The cause of this is typically related to an application that locally uses HSTS, which an HTTP security protocol used to force a domain that uses it to automatically redirect http:// requests to https://. This is fine for the application using HSTS because it knows and intends this behavior and as a result likely has a certificate setup both on the live site and is running on https:// locally as well.

But insidiously the HSTS protocol caches and applies itself to the entire domain beyond the lifetime of the running application, and if the domain you are running the HSTS app on happens to be localhost it can end up affecting a whole lot of other things that have nothing to do with HSTS themselves.
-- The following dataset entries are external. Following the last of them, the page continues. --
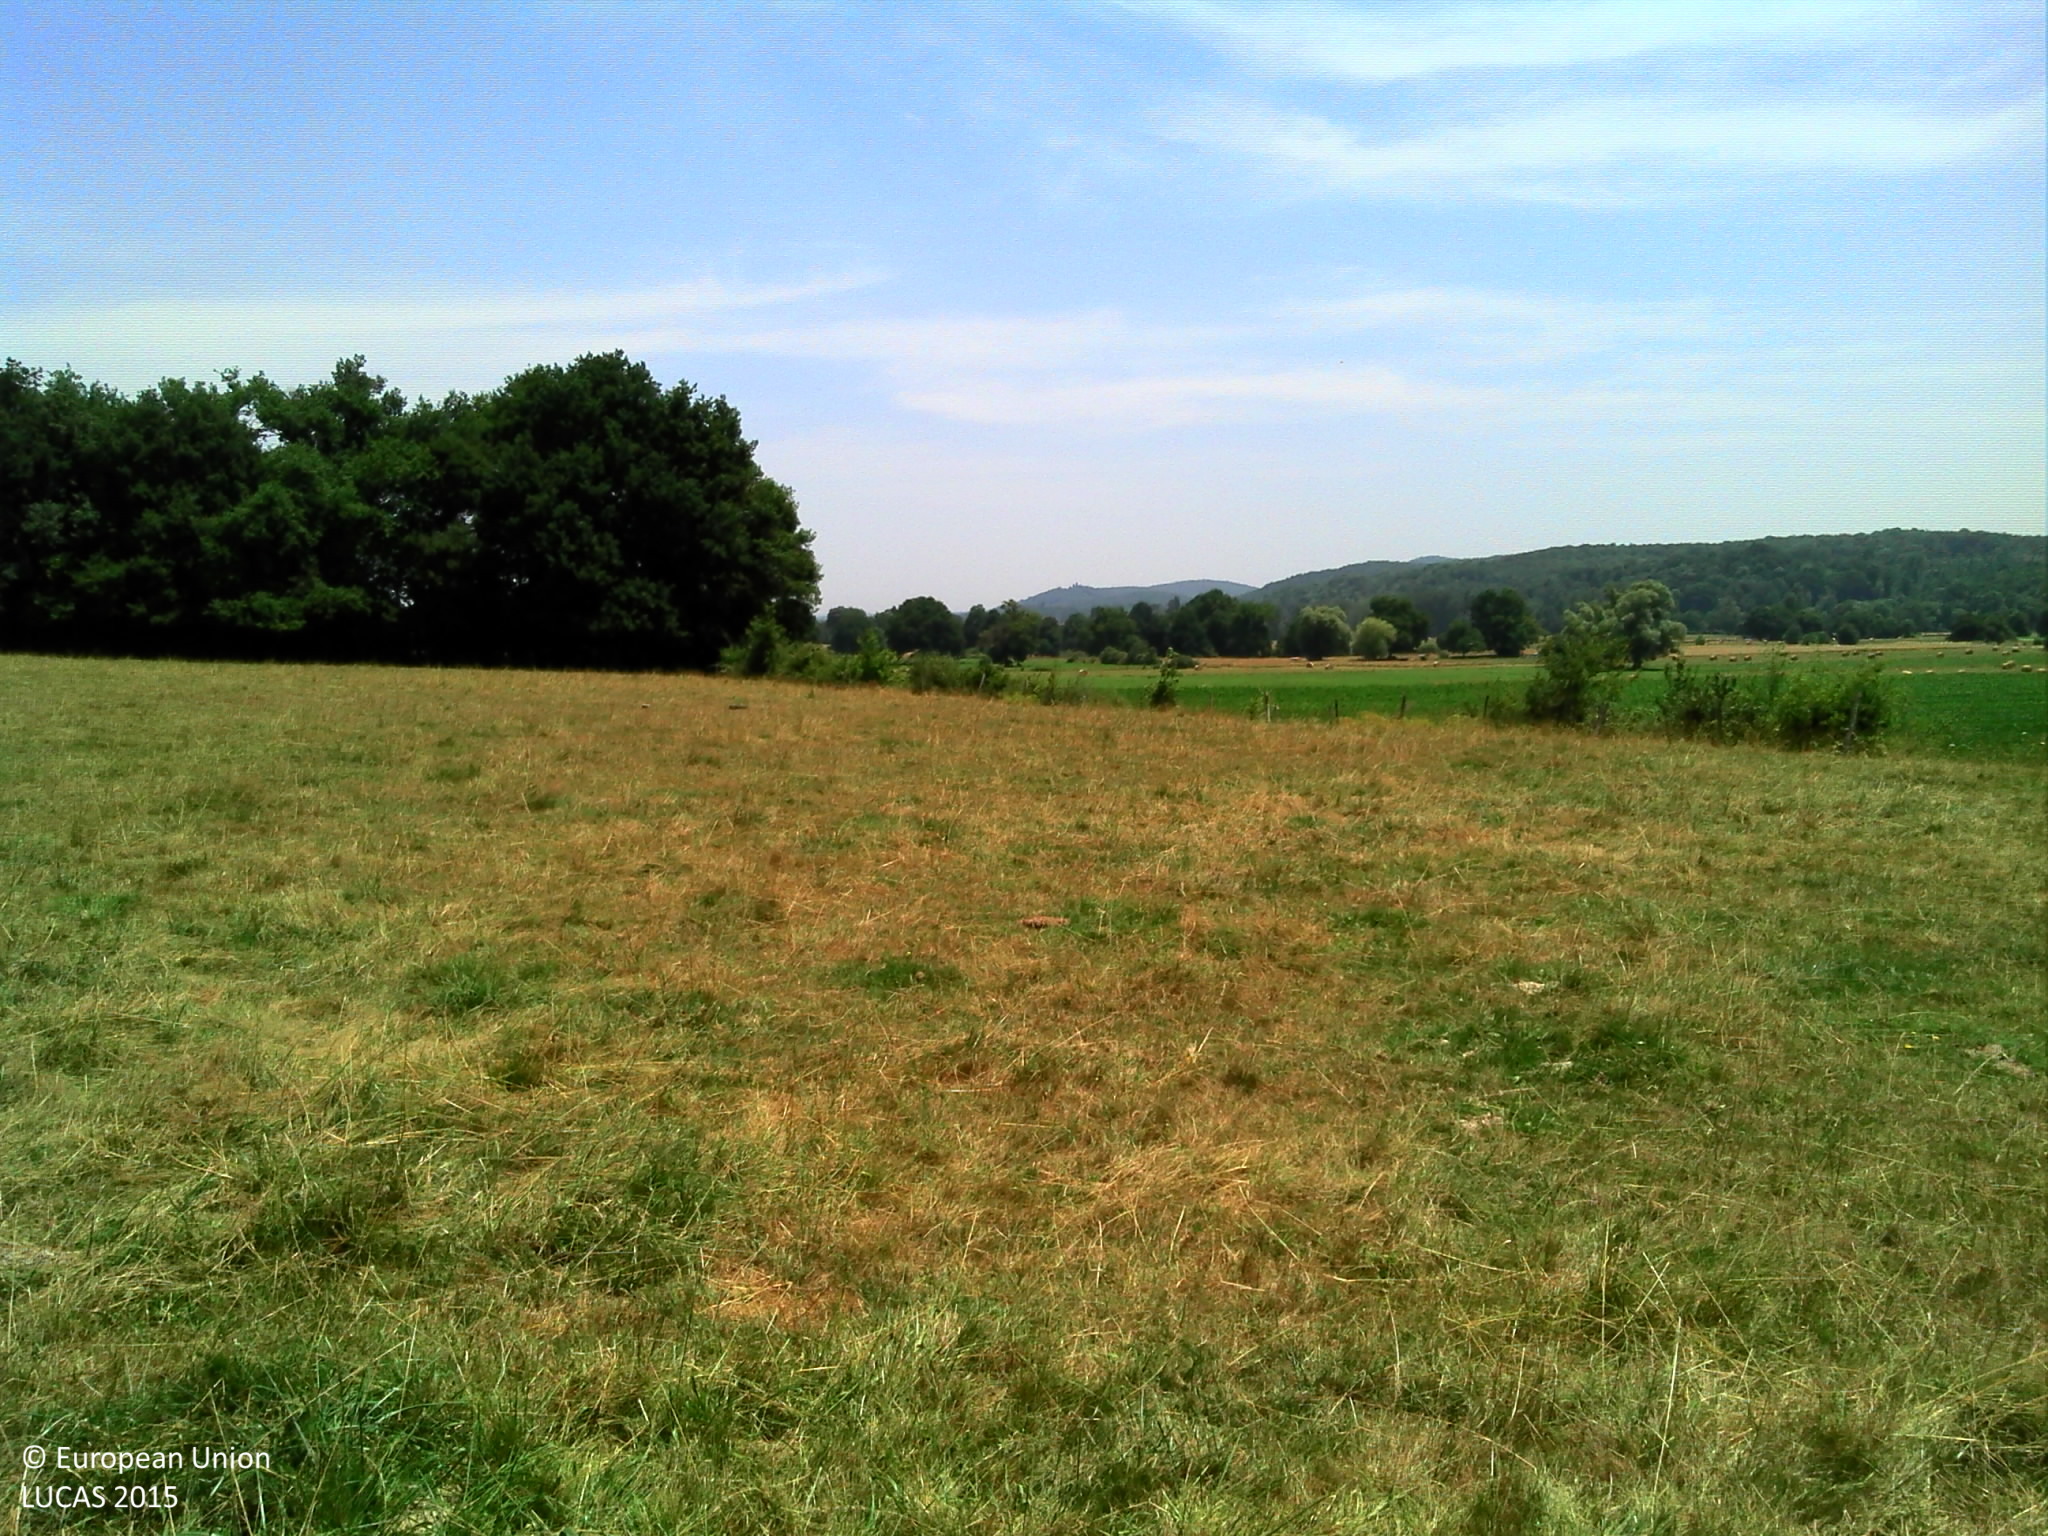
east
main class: Grassland
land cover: Grassland without tree/shrub cover
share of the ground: > 75 %
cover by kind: herbaceous plants 100 %
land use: Agriculture (excluding fallow land and kitchen gardens)
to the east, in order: Grassland without tree/shrub cover; Fences; Ditches and canals; Grass margins; Paved roads, cycling and walking lanes; Grass margins; Maize
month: July
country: FR
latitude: 43.0860
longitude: 0.7771
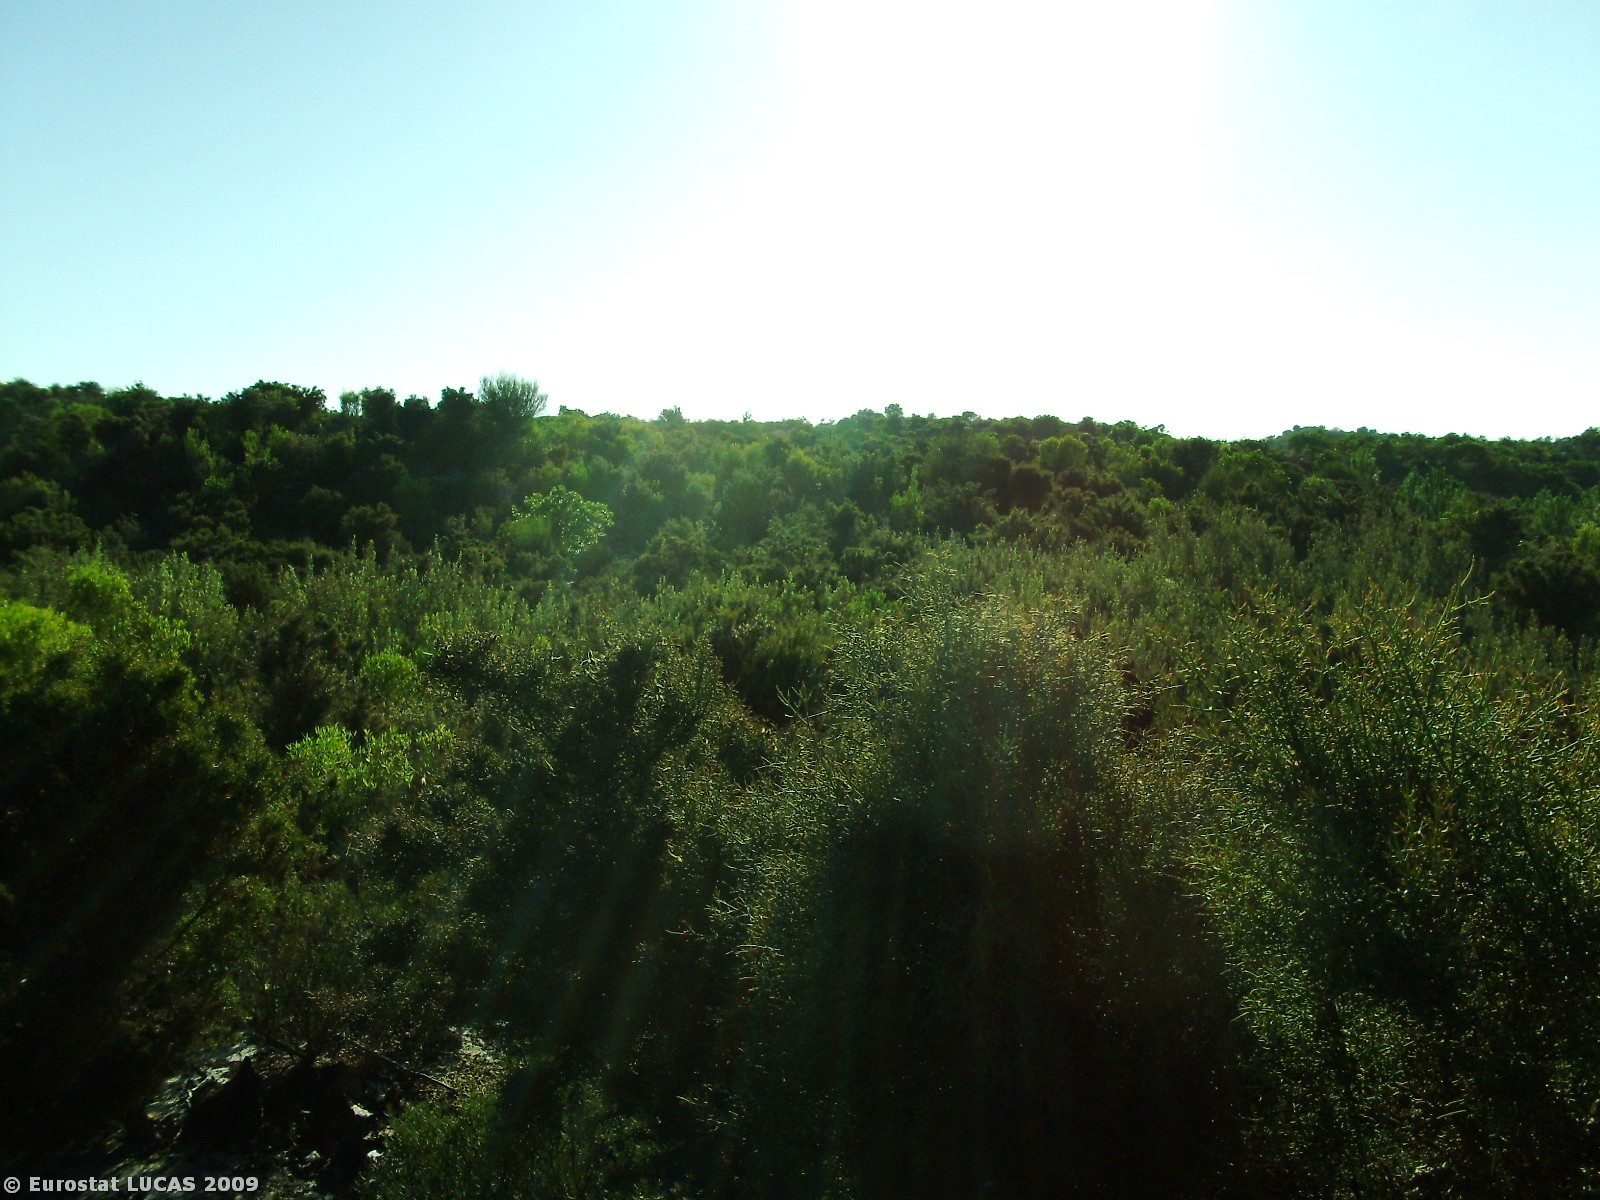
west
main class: Shrubland
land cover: Shrubland without tree cover
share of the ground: > 75 %
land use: Nature reserves
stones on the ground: < 10 %
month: July
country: PT
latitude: 39.8253
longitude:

Side Effects, Side Effects

HSTS can affect other applicationS on localhost such as other 'dev' servers and locally triggered Web pages like those used for desktop logins for many applications. For example, I ran into problems like the Angular and Vue dev servers which by default do not use https://. If HSTS was triggered and cached say by my .NET application I ran on localhost a week ago, the Angular or Vue local dev server apps will fail to run. They'll redirect to https:// without a certificate and fail. There are workarounds for that by installing addins that provide local certificates and https:// dev server ports, but it certainly is not obvious or built-in.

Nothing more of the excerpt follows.